In [1]:
import json
from transformers import T5ForConditionalGeneration, T5Tokenizer
from rank_bm25 import BM25Okapi
import torch

# Load T5 model and tokenizer
model_name = "t5-small"
tokenizer = T5Tokenizer.from_pretrained(model_name)
model = T5ForConditionalGeneration.from_pretrained(model_name)

# Load menu data
with open('mockMenu 1.json', 'r') as f:
    menu_data = json.load(f)['menu']

# Load intent data
with open('intent.json', 'r') as f:
    intent_data = json.load(f)['intents']

# Step 1: Prepare the corpus for BM25 (combine 'itemName' and 'description' fields)
corpus = [
    (item['itemName'] + " " + (item['description'] if item['description'] else ""))
    for item in menu_data
]

# Initialize BM25 with the corpus
bm25 = BM25Okapi([doc.split() for doc in corpus])

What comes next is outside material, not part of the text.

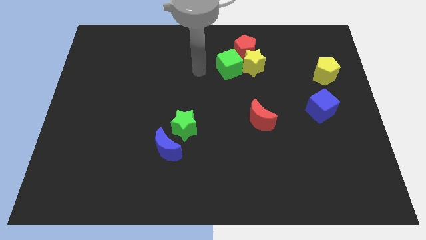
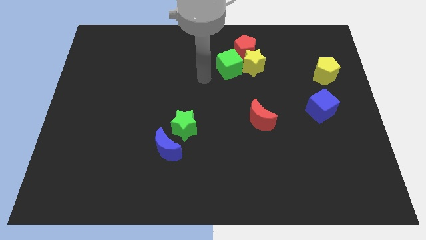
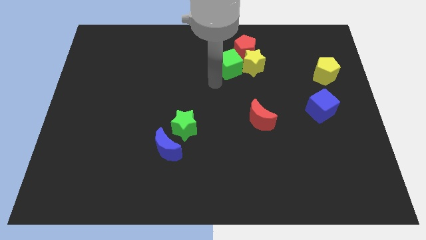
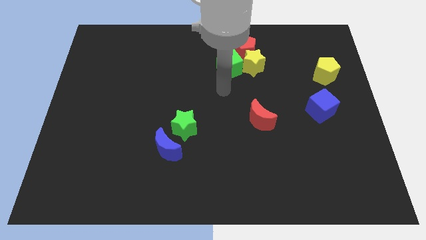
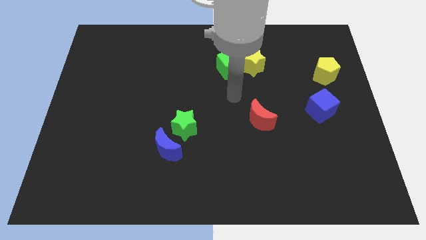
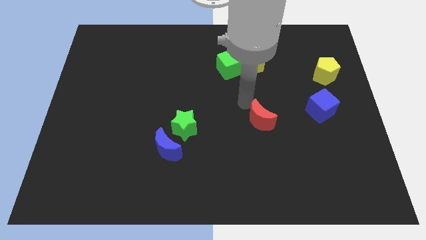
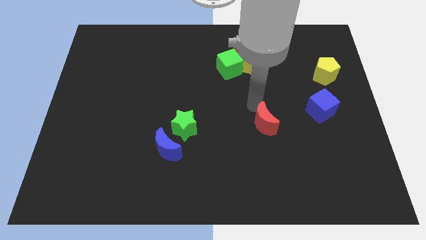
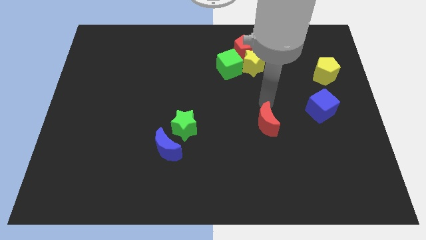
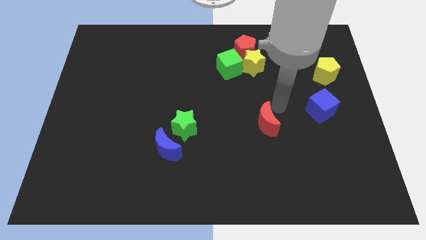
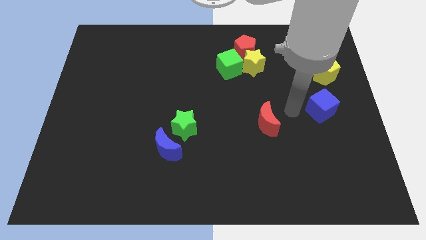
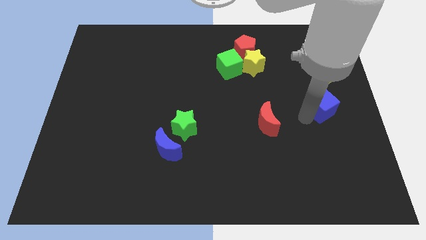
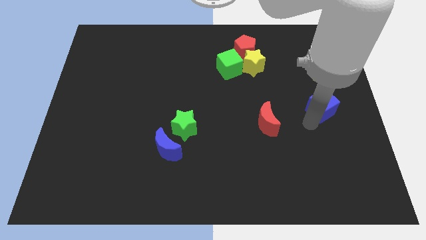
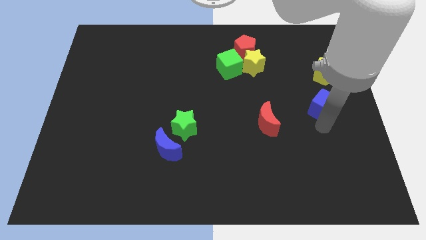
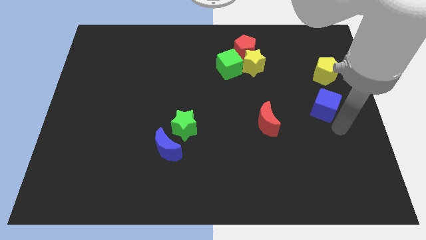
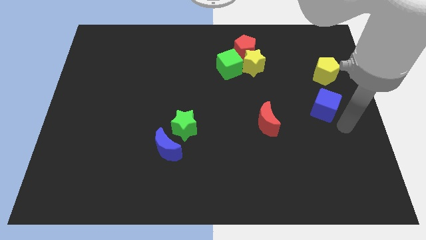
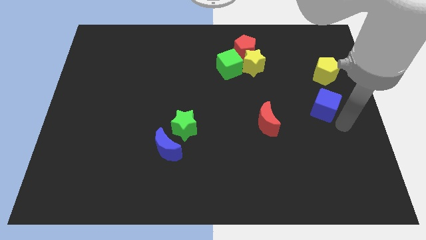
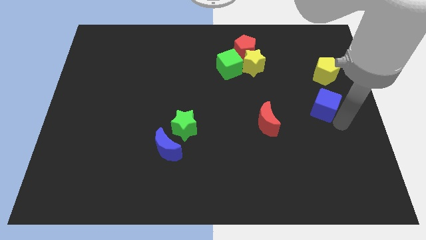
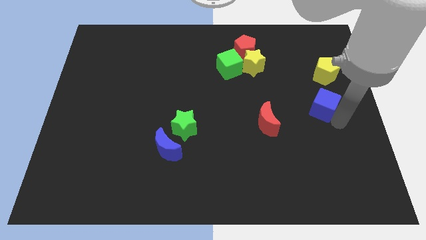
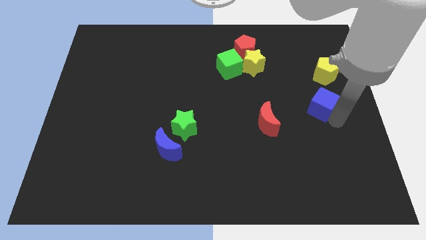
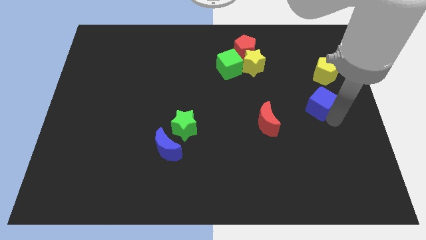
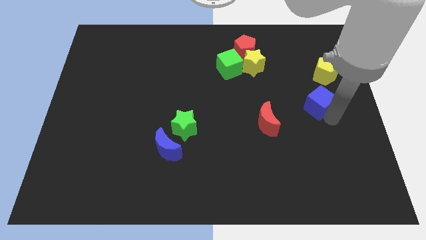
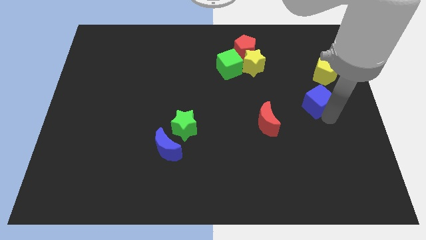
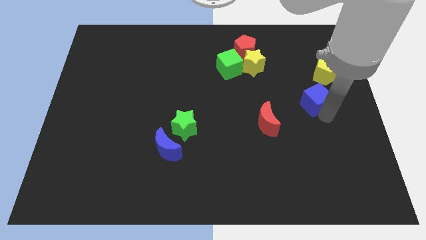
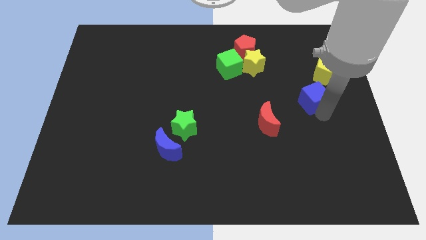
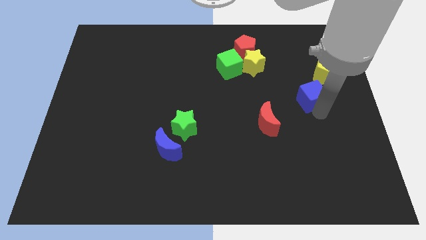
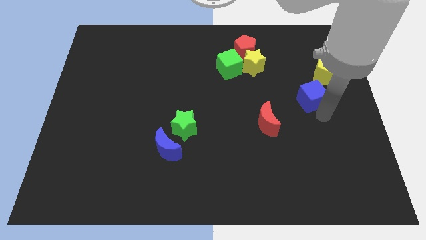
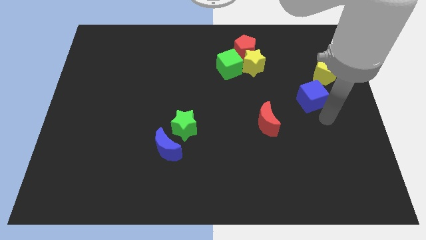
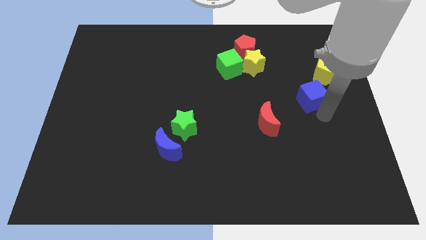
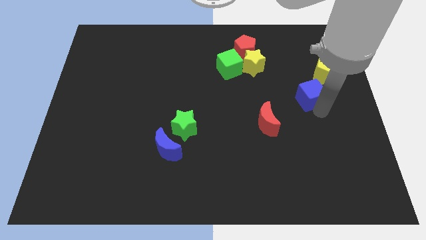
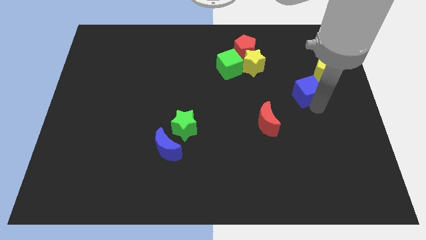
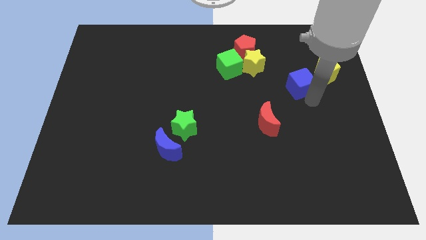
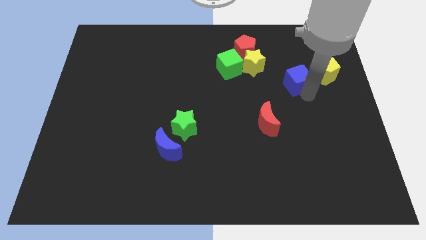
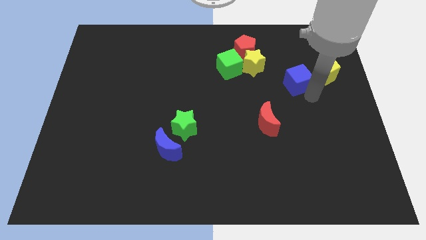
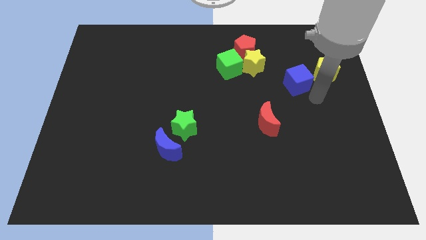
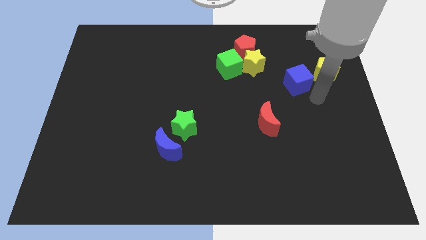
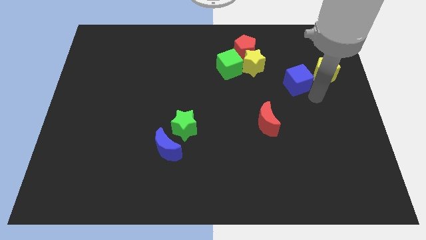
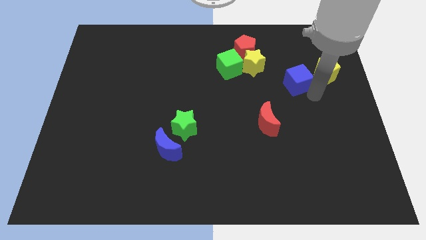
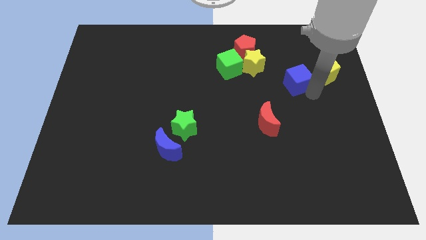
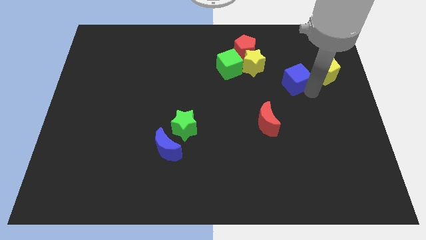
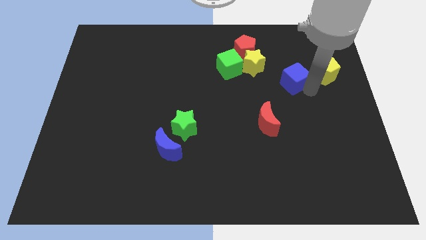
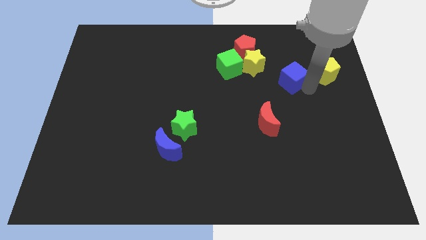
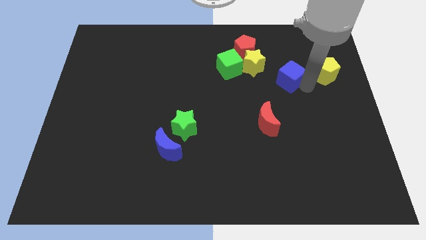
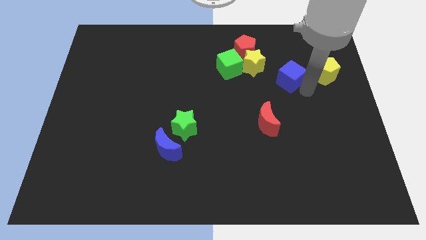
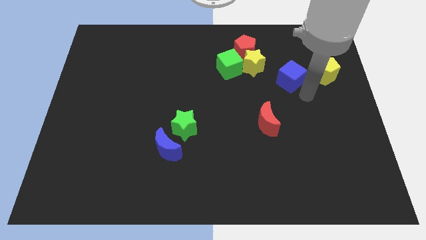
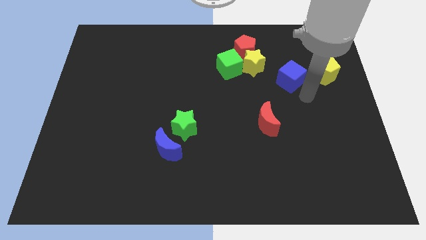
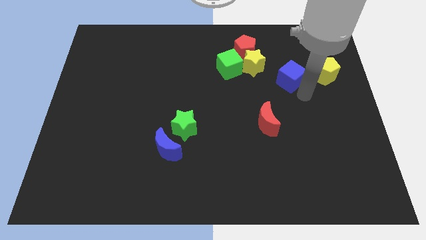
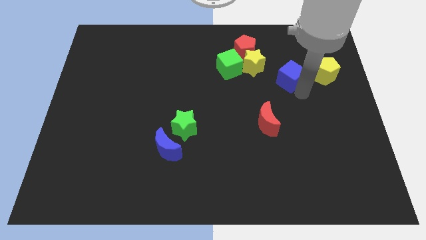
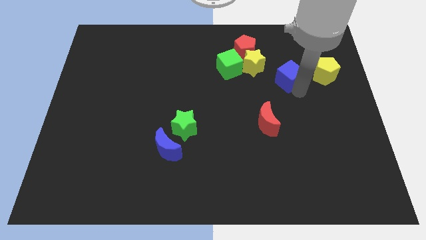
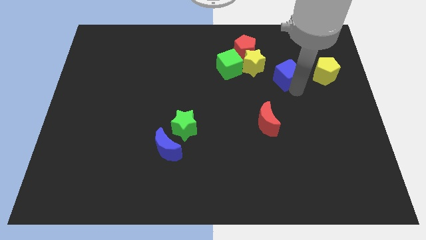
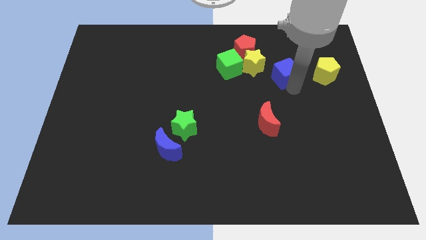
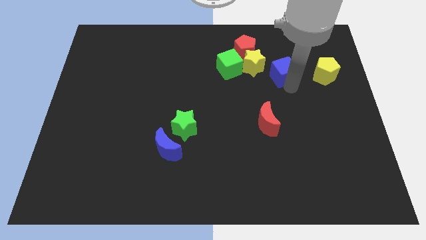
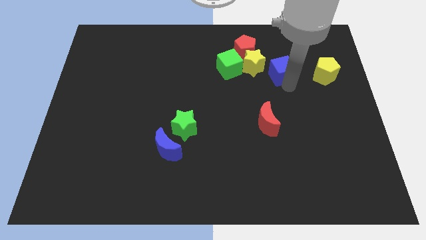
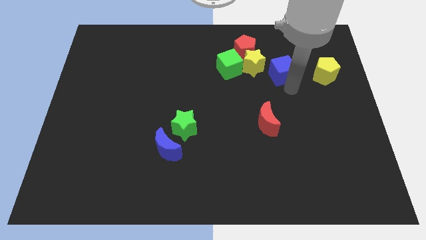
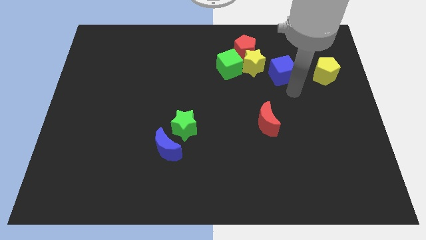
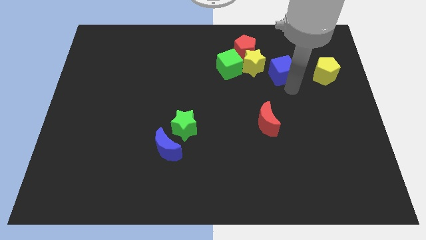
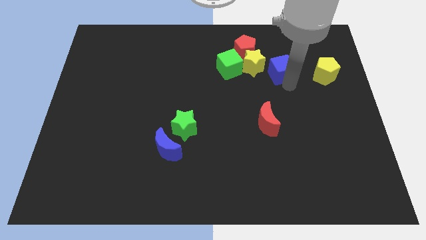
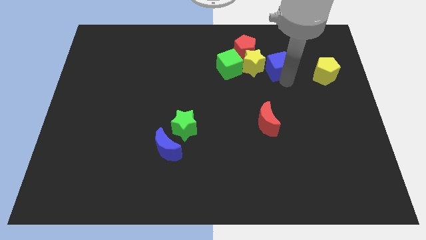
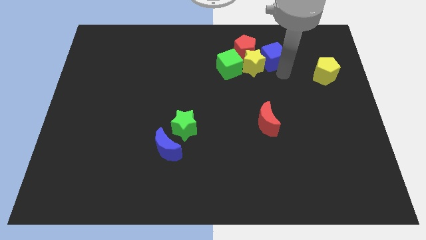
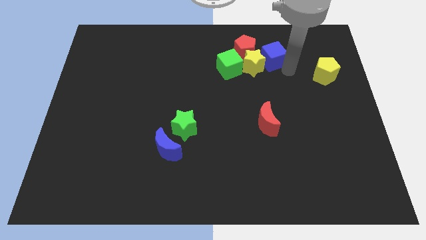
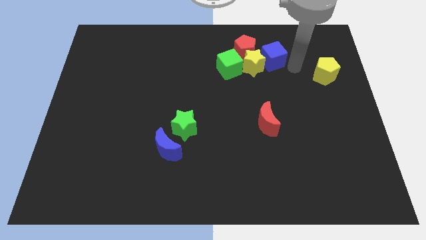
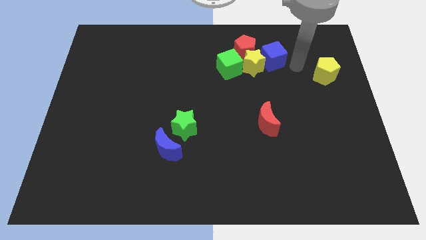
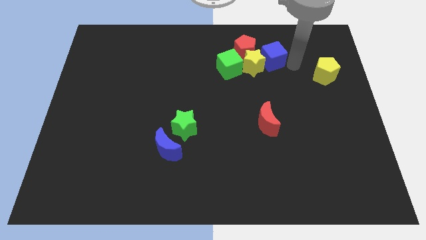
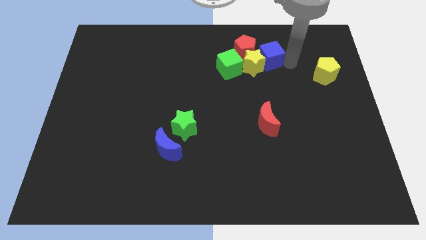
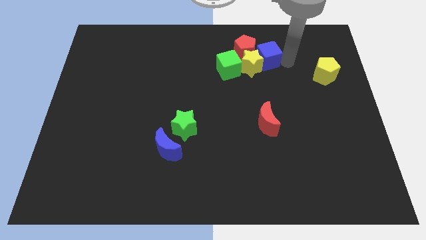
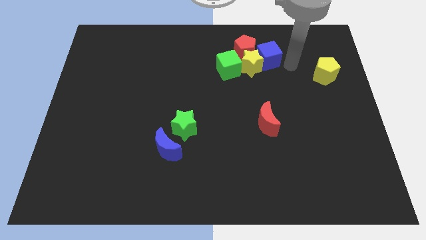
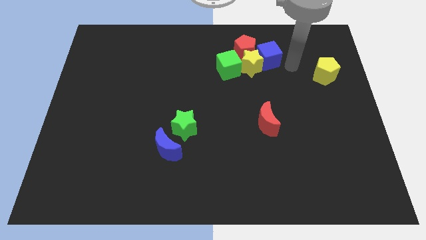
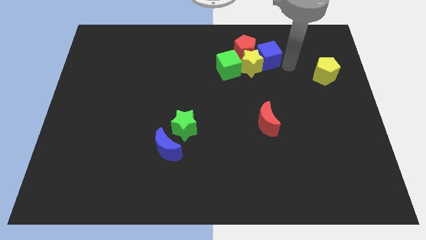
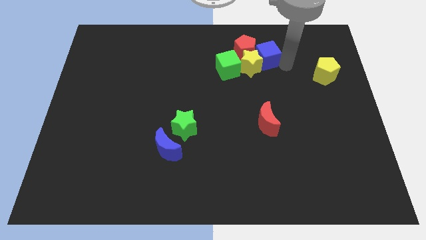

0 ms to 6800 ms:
push the blue cube close to the red pentagon

# Step 2: Intent Recognition using T5
def classify_intent_with_t5(query):
    input_text = f"classify intent: {query}"
    inputs = tokenizer.encode(input_text, return_tensors="pt", max_length=512, truncation=True)
    outputs = model.generate(inputs, max_length=20, num_beams=2)
    intent = tokenizer.decode(outputs[0], skip_special_tokens=True).strip()
    return intent

# Step 3: Document Retrieval with BM25
def retrieve_document(query):
    # Exact match: first check if the menu item name directly matches the query
    for item in menu_data:
        if item['itemName'].lower() in query.lower():
            return item
    
    # If no exact match, use BM25 for ranking
    tokenized_query = query.split()
    doc_scores = bm25.get_scores(tokenized_query)
    top_doc_index = torch.argmax(torch.tensor(doc_scores)).item()
    retrieved_item = menu_data[top_doc_index]
    return retrieved_item

# Step 4: Find Minimum Prep Time Dish
def find_min_prep_time_dish():
    min_item = min(menu_data, key=lambda x: int(x['prepTimeInMins']))
    return min_item

# Step 5: Handle Query Based on Intent and Menu Data
def handle_query(query):
    # First classify the intent of the query
    intent = classify_intent_with_t5(query)
    
    # Match the intent with known intents in the intent data
    matching_intent = None
    for intent_info in intent_data:
        if any(example.lower() in query.lower() for example in intent_info['examples']):
            matching_intent = intent_info['intent']
            break
    
    # Generate response based on classified intent
    if matching_intent == "MenuItemDetails":
        retrieved_item = retrieve_document(query)
        response = f"{retrieved_item['itemName']} is described as: {retrieved_item.get('description', 'No description available')}."
    elif matching_intent == "PricingInquiry":
        retrieved_item = retrieve_document(query)
        response = f"The price of {retrieved_item['itemName']} is ${retrieved_item['price']}."
    elif matching_intent == "AllergenInquiry":
        retrieved_item = retrieve_document(query)
        allergens = retrieved_item.get('allergicInfo', '').upper()
        response = f"Allergens for {retrieved_item['itemName']}: {allergens}" if allergens else f"No allergen information for {retrieved_item['itemName']}."
    elif matching_intent == "WaitTimeInquiry":
        min_dish = find_min_prep_time_dish()
        response = f"The dish with the least prep time is {min_dish['itemName']} with a prep time of {min_dish['prepTimeInMins']} minutes."
    else:
        # Fallback to a general response using T5 generation
        retrieved_item = retrieve_document(query)
        input_text = f"generate response: {query} Context: {retrieved_item.get('description', 'No description available')}."
        inputs = tokenizer.encode(input_text, return_tensors="pt", max_length=512, truncation=True)
        outputs = model.generate(inputs, max_length=50, num_beams=5, early_stopping=True)
        response = tokenizer.decode(outputs[0], skip_special_tokens=True)
    
    return response

# Example usage
query = "Tell me about the Rava Kichadi"
response = handle_query(query)
print(response)


  from .autonotebook import tqdm as notebook_tqdm
You are using the default legacy behaviour of the <class 'transformers.models.t5.tokenization_t5.T5Tokenizer'>. This is expected, and simply means that the `legacy` (previous) behavior will be used so nothing changes for you. If you want to use the new behaviour, set `legacy=False`. This should only be set if you understand what it means, and thoroughly read the reason why this was added as explained in https://github.com/huggingface/transformers/pull/24565


Tell me about the Rava Kichadi Context: A healthy breakfast option made with semolina and vegetables lightly tempered with spices cooked to perfection.